Jul 20 14:05:58 pve pvestatd[3120]: Use of uninitialized value in subtraction (-) at /usr/share/perl5/PVE/ProcFSTools.pm line 215.
Jul 20 14:05:58 pve pvestatd[266356]: status update error: Too many open files
Jul 20 14:05:58 pve pvestatd[266841]: ipcc_send_rec[3] failed: Too many open files
 
Last edited:
Looks a bit like pvestatd is crashing because it can't get a file lock. This would explain the question marks. Since when are you seeing the question marks?
 
About 1hour 20minutes after start up. During that time I get lots of "qemu status update error: metrics send error 'portainer-graphite': failed to send metrics: Connection refused" messages.

I think it might be some kind of connection cleanup issue if graphite metrics server is unavailable.

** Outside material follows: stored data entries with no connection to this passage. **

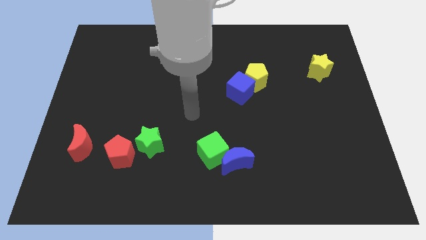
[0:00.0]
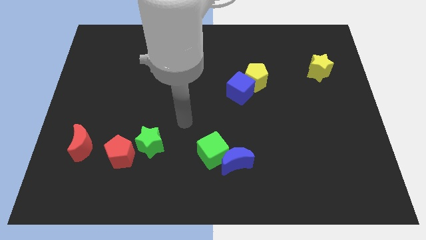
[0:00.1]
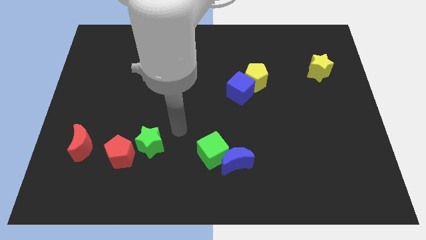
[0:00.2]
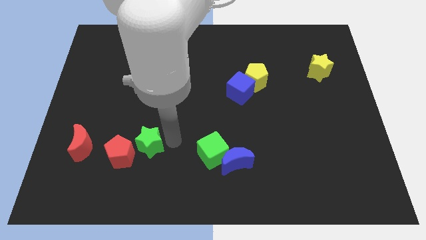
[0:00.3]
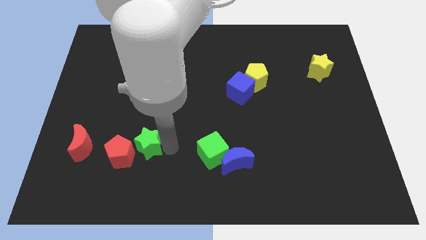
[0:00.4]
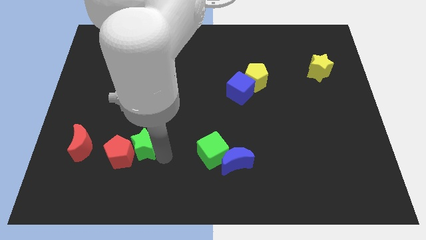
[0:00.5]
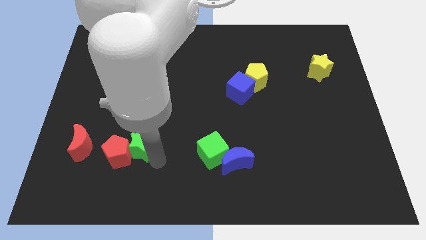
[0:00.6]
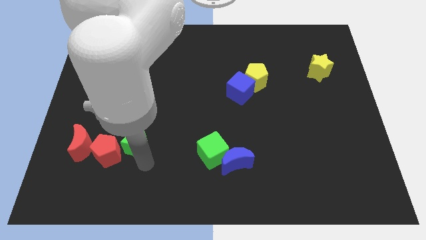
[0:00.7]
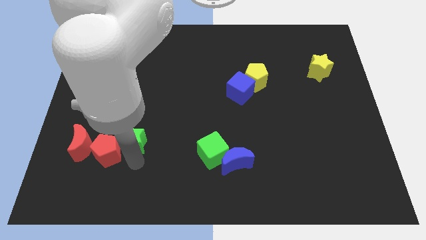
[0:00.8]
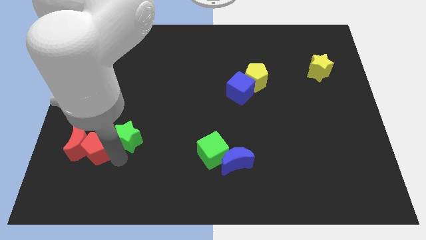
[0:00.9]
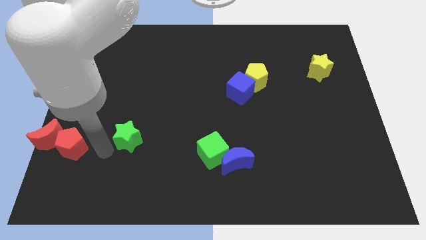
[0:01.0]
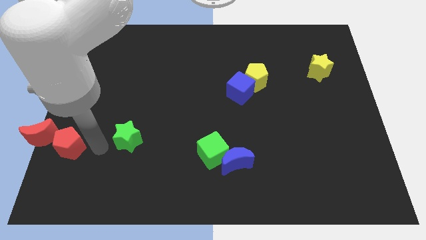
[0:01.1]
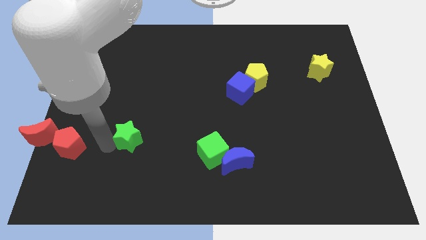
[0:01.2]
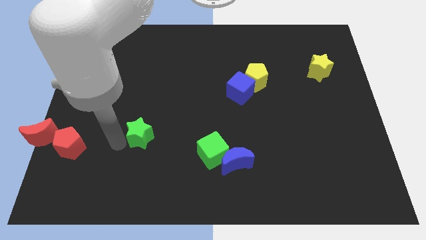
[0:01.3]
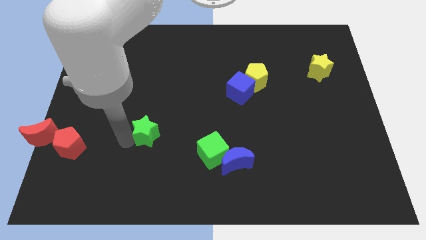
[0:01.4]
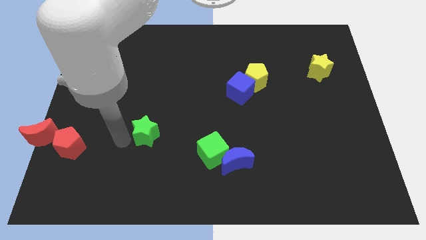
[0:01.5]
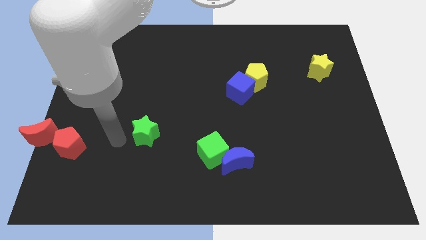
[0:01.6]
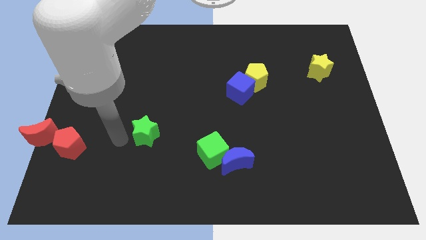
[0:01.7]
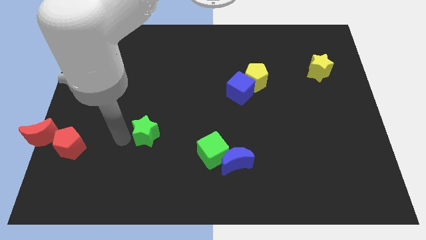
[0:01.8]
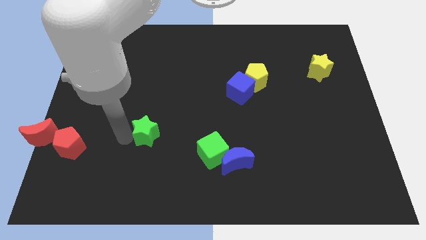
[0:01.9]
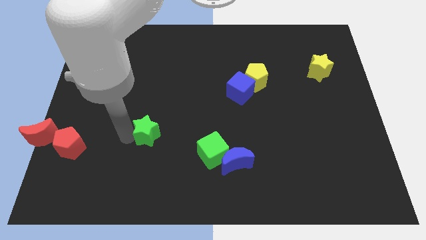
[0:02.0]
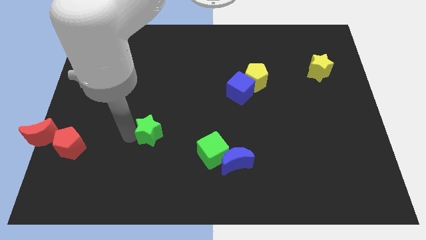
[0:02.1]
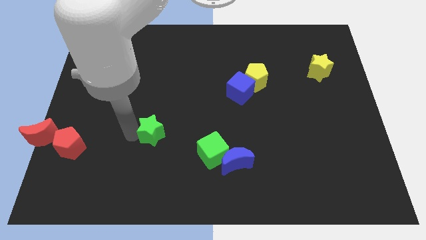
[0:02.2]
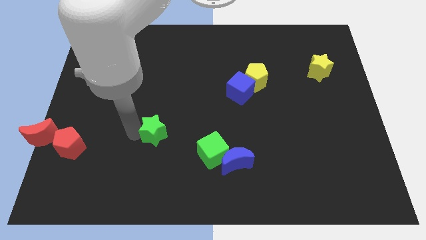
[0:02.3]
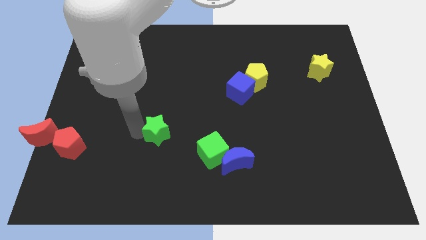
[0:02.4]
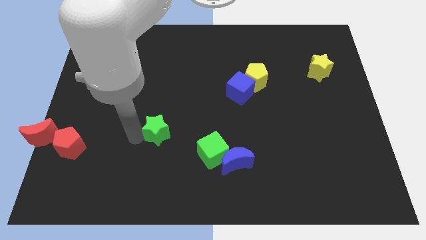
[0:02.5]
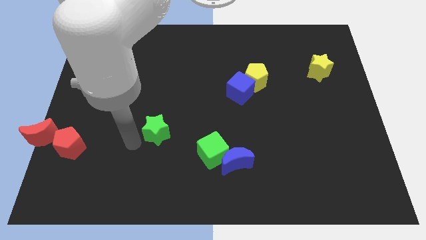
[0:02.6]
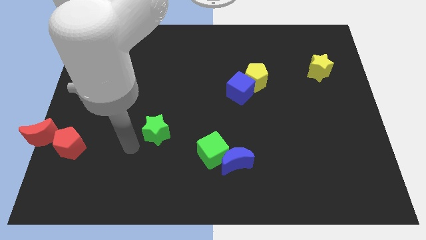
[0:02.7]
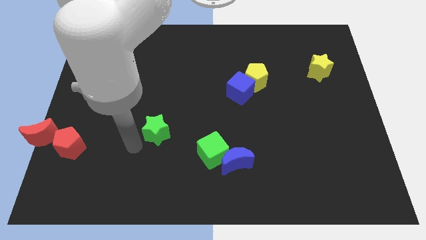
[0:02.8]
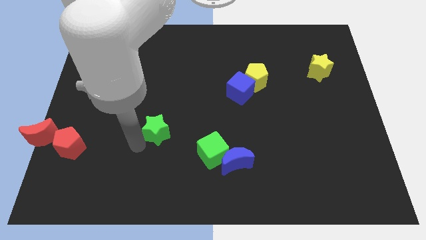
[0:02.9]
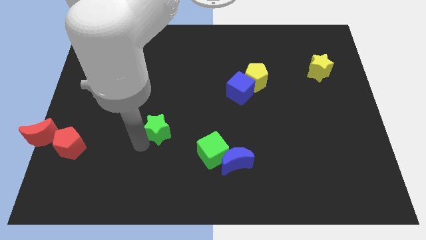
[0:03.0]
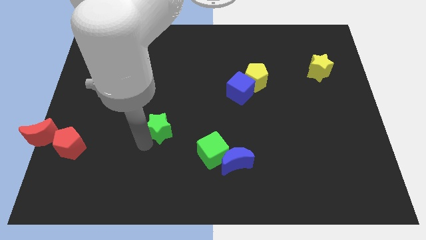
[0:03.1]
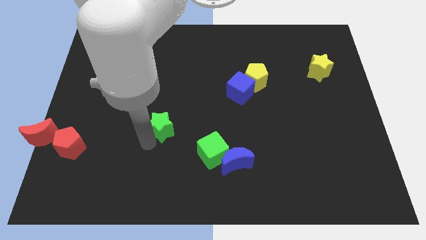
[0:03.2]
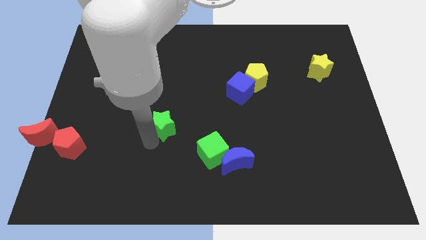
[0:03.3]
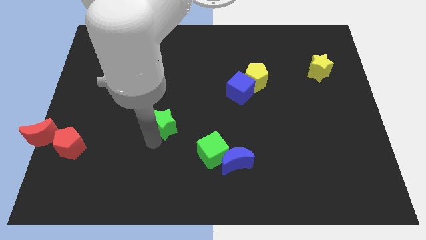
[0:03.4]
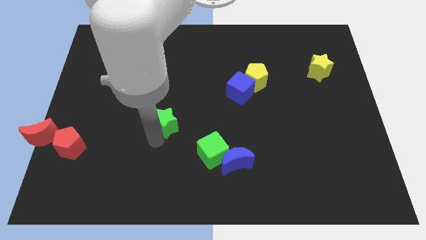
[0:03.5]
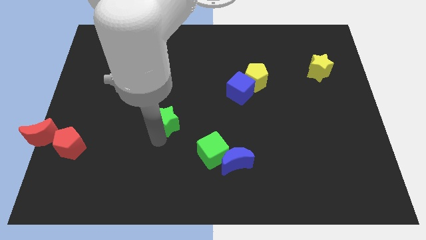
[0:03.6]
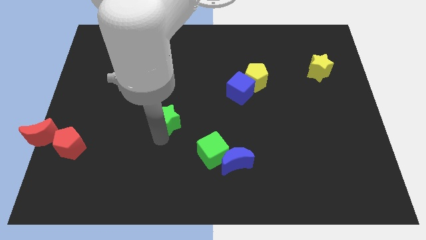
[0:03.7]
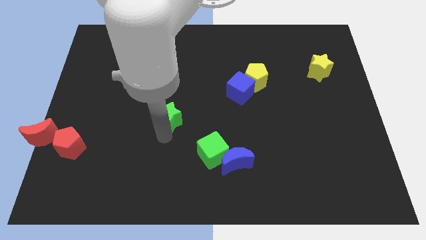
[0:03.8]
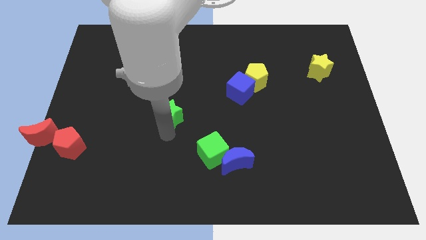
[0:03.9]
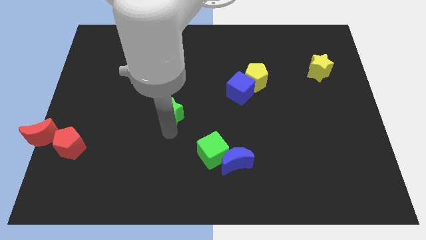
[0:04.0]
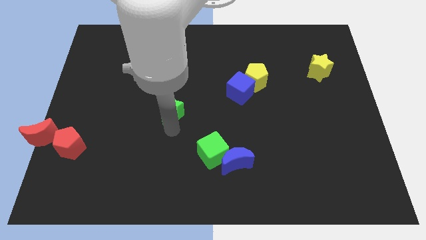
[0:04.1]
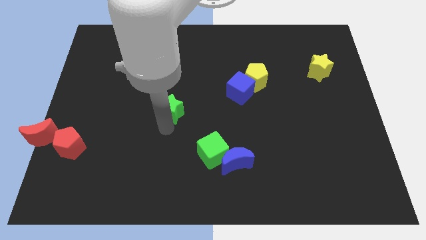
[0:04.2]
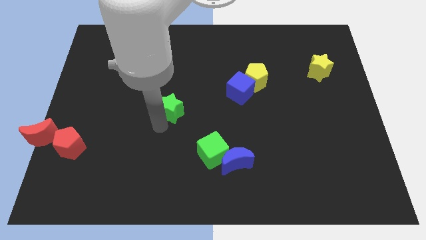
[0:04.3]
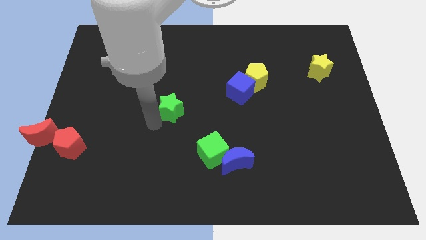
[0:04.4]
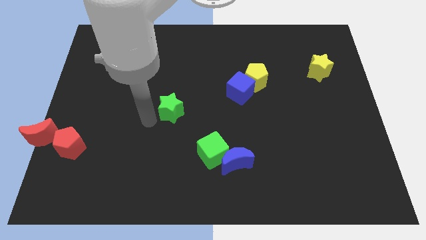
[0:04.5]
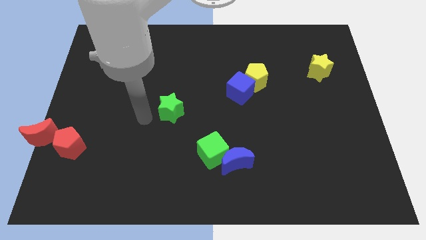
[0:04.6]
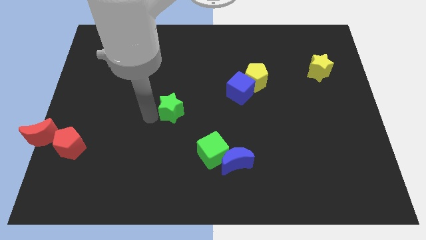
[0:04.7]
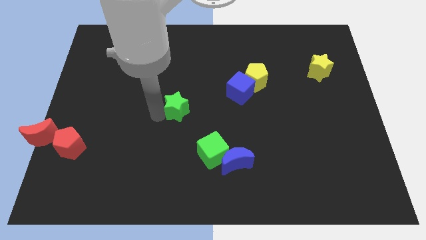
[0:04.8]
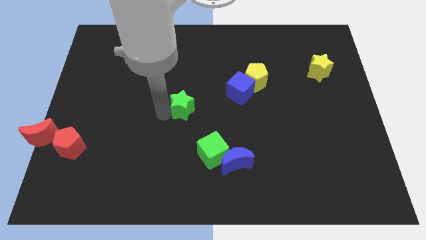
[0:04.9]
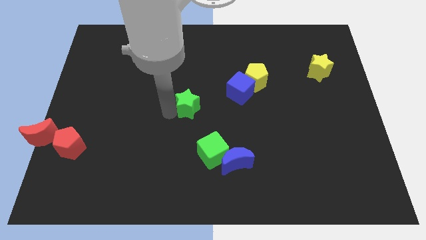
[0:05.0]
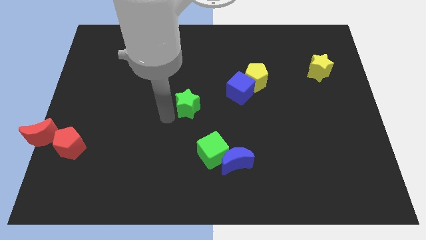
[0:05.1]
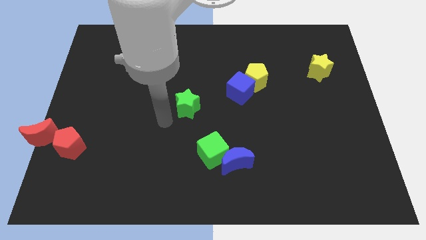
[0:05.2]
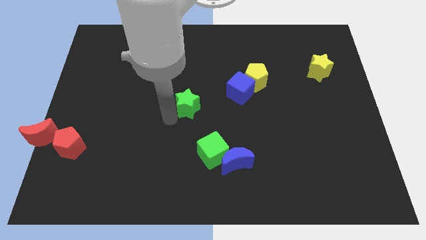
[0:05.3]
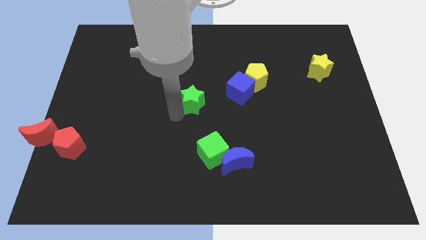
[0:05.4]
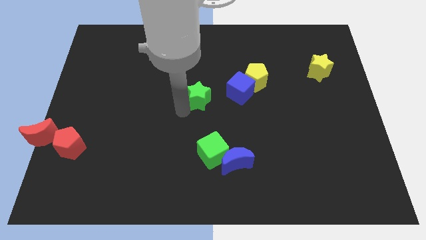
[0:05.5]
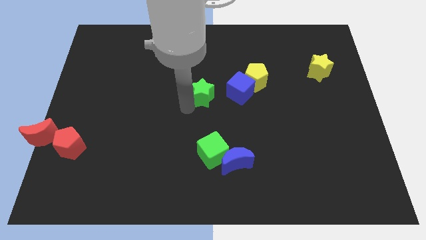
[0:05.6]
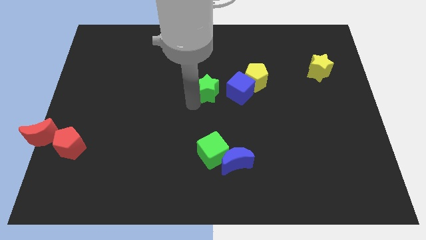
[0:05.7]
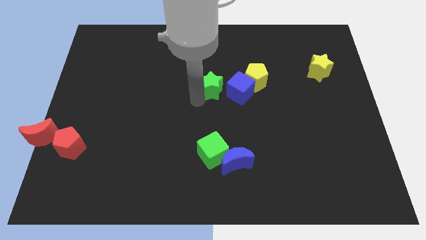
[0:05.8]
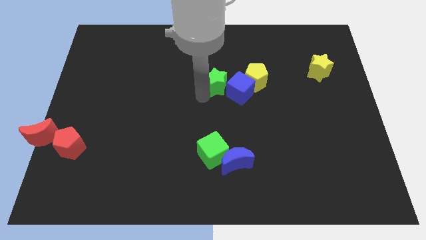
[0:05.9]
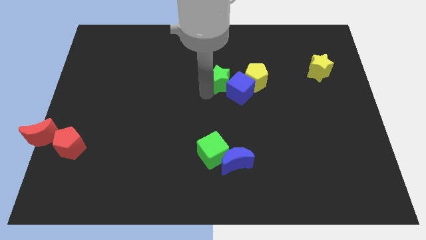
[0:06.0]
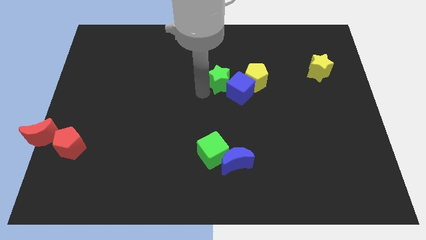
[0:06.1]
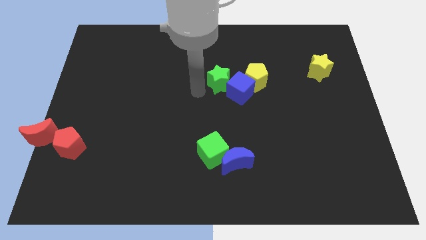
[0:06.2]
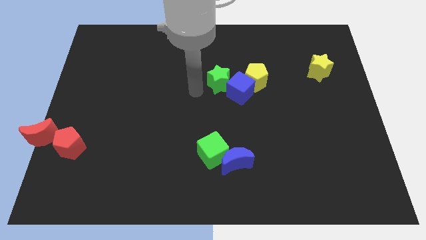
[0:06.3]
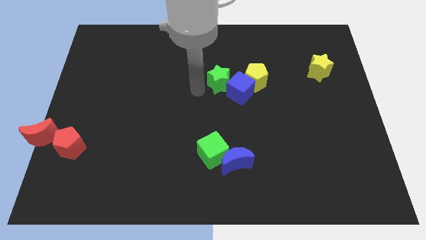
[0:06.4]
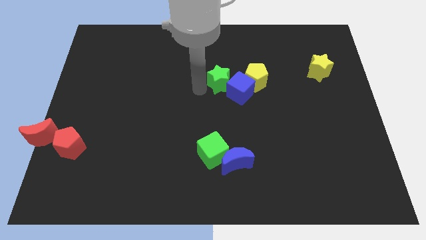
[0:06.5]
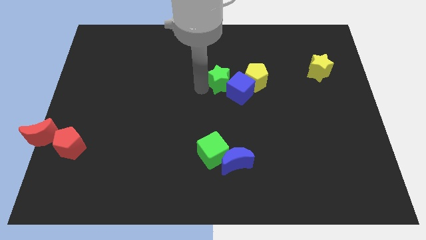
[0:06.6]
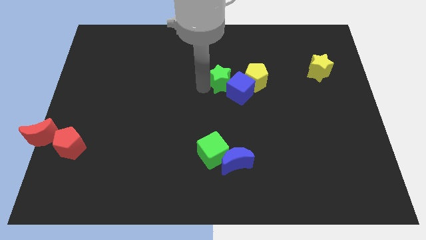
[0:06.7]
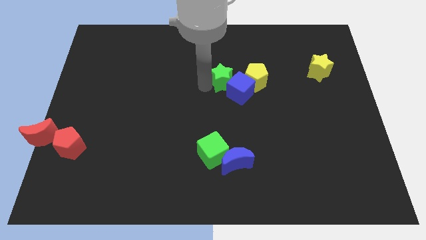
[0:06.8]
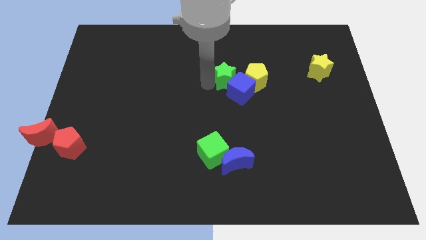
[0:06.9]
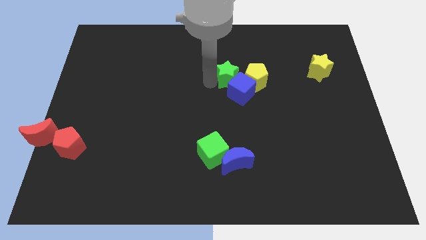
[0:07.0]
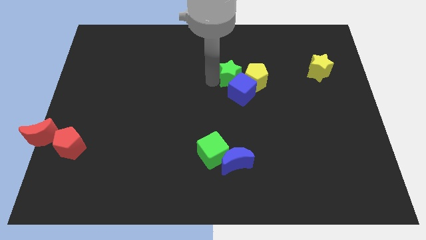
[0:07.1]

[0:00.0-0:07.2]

I'll try removing graphite monitoring to see will it make a change.

I've put another message with log details but it's waiting on mod approval.
 
So the issue seems to be graphite server not being reachable.
I've switched the graphite server to TCP and let it run and it worked fine.
After I turned off the server, after some time, proxmox UI got greyed out.
After I removed the graphite server from Datacenter / Metric server, the UI got alive again.
 
  • Like
Reactions: shrdlicka
Nekome, dejame decirte que tu hilo me sirvio bastante, estaba mirando el metric server en la semana y veo que despues empezo uno de mis nodos a presentar problemas, despues de un fin de semana reiniciando pvestatd de forma manual y muchas veces las VM, con tu hilo pude encontrar e identificar que era el metric server que no podia comunicarse con su host, PVE creo que un metric server no deberia de crearnos semejante problema, es algo a resolver por parte de proxmox, pero no me enojo, igual no le cambio por nada jaja
 
Are there any plans to fix this bug?

Im having the same problem when one of my Backup-NAS is offline. Which is a normal case, because this NAS is only for weekly backups, and not intended to run all the time. It has an auto-shutdown and auto-wakeup powerplan for once in a week.

Since we migrated from Vmware to Proxmox, this NAS needs to run all the time, even if its not in use. Just because of this problem.
Which is annying. - It eats plenty of electricity.